Input data:

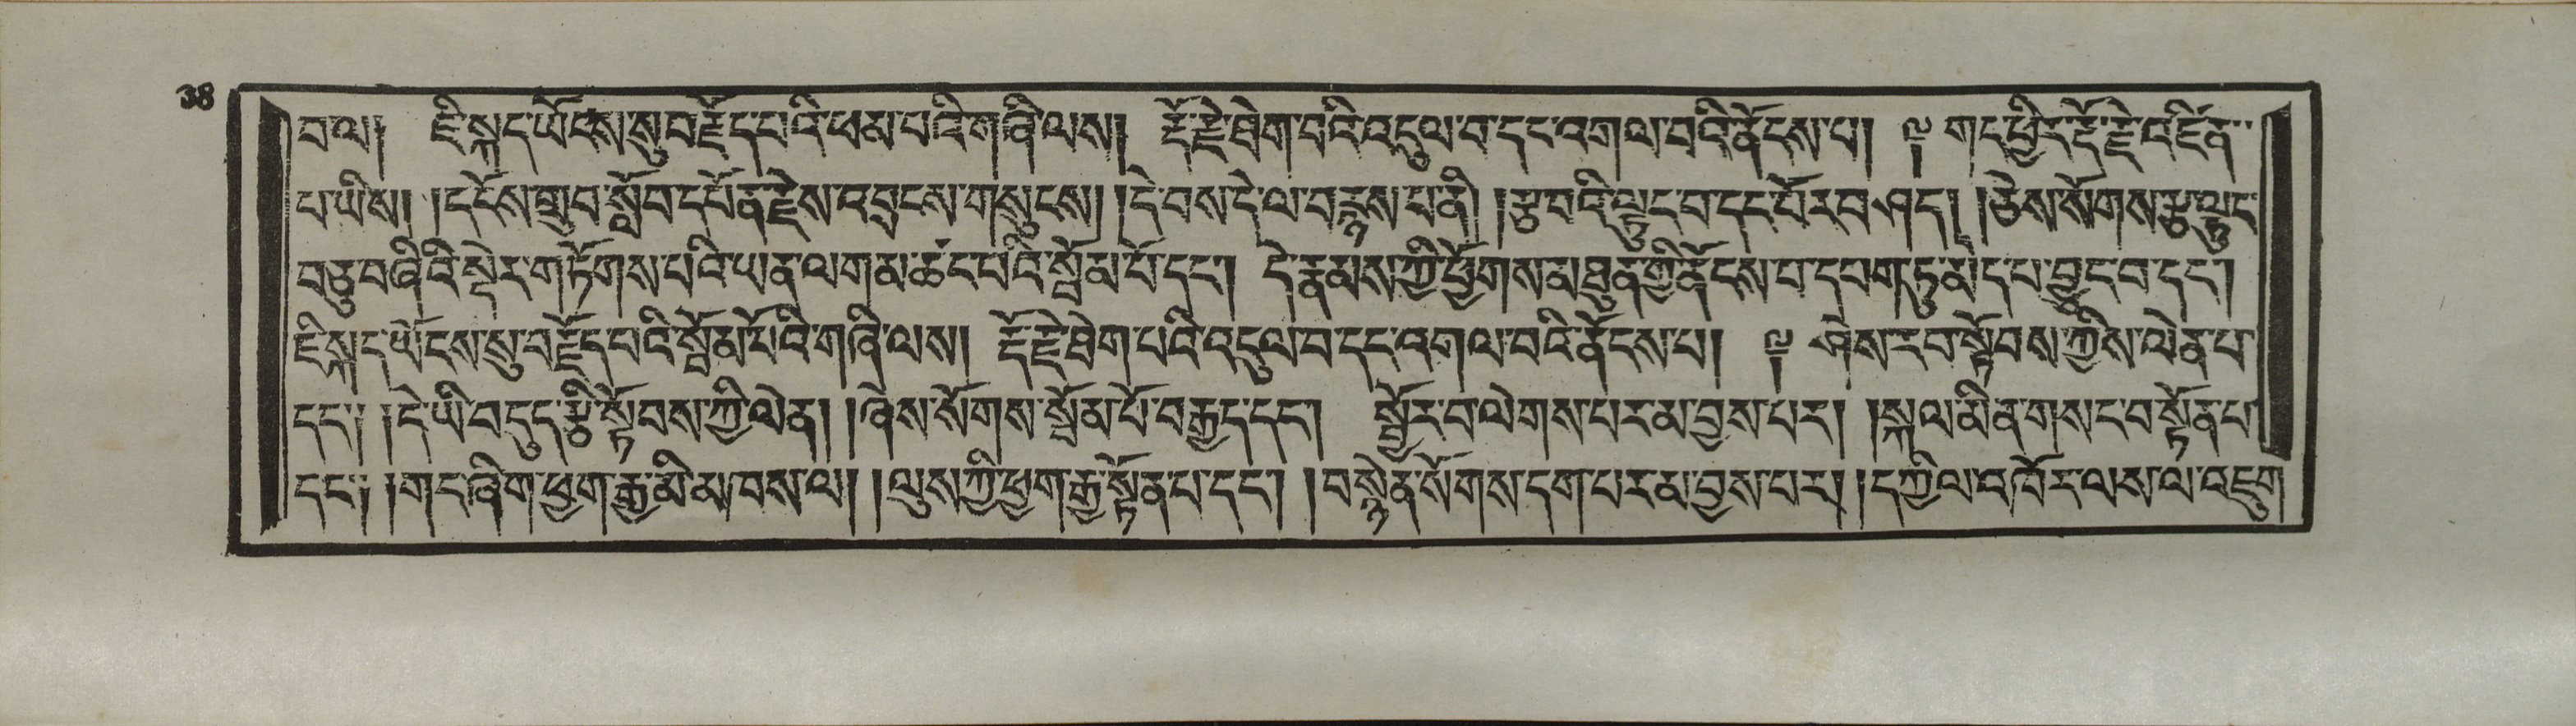བ་ལ། ཇི་སྐད་ཡོངས་སུ་བརྗོད་པའི་ཕམ་པའི་གཞི་ལས། རྡོ་རྗེ་ཐེག་པའི་འདུལ་བ་དང་འགལ་བའི་ནོངས་པ། ༈ གང་ཕྱིར་རྡོ་རྗེ་འཛིན་
པ་ཡིས། །དངོས་གྲུབ་སློབ་དཔོན་རྗེས་འབྲངས་གསུངས། །དེ་བས་དེ་ལ་བརྙས་པ་ནི། །རྩ་བའི་ལྟུང་བ་དང་པོར་བཤད། །ཅེས་སོགས་རྩ་ལྟུང་
བཅུ་བཞིའི་སྡེར་གཏོགས་པའི་ཡན་ལག་མ་ཚང་བའི་སྦོམ་པོ་དང་། དེ་རྣམས་ཀྱི་ཕྱོགས་མཐུན་གྱི་ནོངས་པ་དཔག་ཏུ་མེད་པ་བྱུང་བ་དང་།
ཇི་སྐད་ཡོངས་སུ་བརྗོད་པའི་སྦོམ་པོའི་གཞི་ལས། རྡོ་རྗེ་ཐེག་པའི་འདུལ་བ་དང་འགལ་བའི་ནོངས་པ། ༈ ཤེས་རབ་སྟོབས་ཀྱིས་ལེན་པ་
དང་། །དེ་ཡི་བདུད་རྩི་སྟོབས་ཀྱི་ལེན། །ཞེས་སོགས་སྦོམ་པོ་བརྒྱད་དང་། སྦྱོར་བ་ལེགས་པར་མ་བྱས་པར། །སྐལ་མིན་གསང་བ་སྟོན་པ་
དང་། །གང་ཞིག་ཕྱག་རྒྱ་མི་མཁས་ལ། །ལུས་ཀྱི་ཕྱག་རྒྱ་སྟོན་པ་དང་། །བསྙེན་སོགས་དག་པར་མ་བྱས་པར། །དཀྱིལ་འཁོར་ལས་ལ་འཇུག་

Work instruction: Output each record above exactly; omit the images.

Exercise answer:
བ་ལ། ཇི་སྐད་ཡོངས་སུ་བརྗོད་པའི་ཕམ་པའི་གཞི་ལས། རྡོ་རྗེ་ཐེག་པའི་འདུལ་བ་དང་འགལ་བའི་ནོངས་པ། ༈ གང་ཕྱིར་རྡོ་རྗེ་འཛིན་
པ་ཡིས། །དངོས་གྲུབ་སློབ་དཔོན་རྗེས་འབྲངས་གསུངས། །དེ་བས་དེ་ལ་བརྙས་པ་ནི། །རྩ་བའི་ལྟུང་བ་དང་པོར་བཤད། །ཅེས་སོགས་རྩ་ལྟུང་
བཅུ་བཞིའི་སྡེར་གཏོགས་པའི་ཡན་ལག་མ་ཚང་བའི་སྦོམ་པོ་དང་། དེ་རྣམས་ཀྱི་ཕྱོགས་མཐུན་གྱི་ནོངས་པ་དཔག་ཏུ་མེད་པ་བྱུང་བ་དང་།
ཇི་སྐད་ཡོངས་སུ་བརྗོད་པའི་སྦོམ་པོའི་གཞི་ལས། རྡོ་རྗེ་ཐེག་པའི་འདུལ་བ་དང་འགལ་བའི་ནོངས་པ། ༈ ཤེས་རབ་སྟོབས་ཀྱིས་ལེན་པ་
དང་། །དེ་ཡི་བདུད་རྩི་སྟོབས་ཀྱི་ལེན། །ཞེས་སོགས་སྦོམ་པོ་བརྒྱད་དང་། སྦྱོར་བ་ལེགས་པར་མ་བྱས་པར། །སྐལ་མིན་གསང་བ་སྟོན་པ་
དང་། །གང་ཞིག་ཕྱག་རྒྱ་མི་མཁས་ལ། །ལུས་ཀྱི་ཕྱག་རྒྱ་སྟོན་པ་དང་། །བསྙེན་སོགས་དག་པར་མ་བྱས་པར། །དཀྱིལ་འཁོར་ལས་ལ་འཇུག་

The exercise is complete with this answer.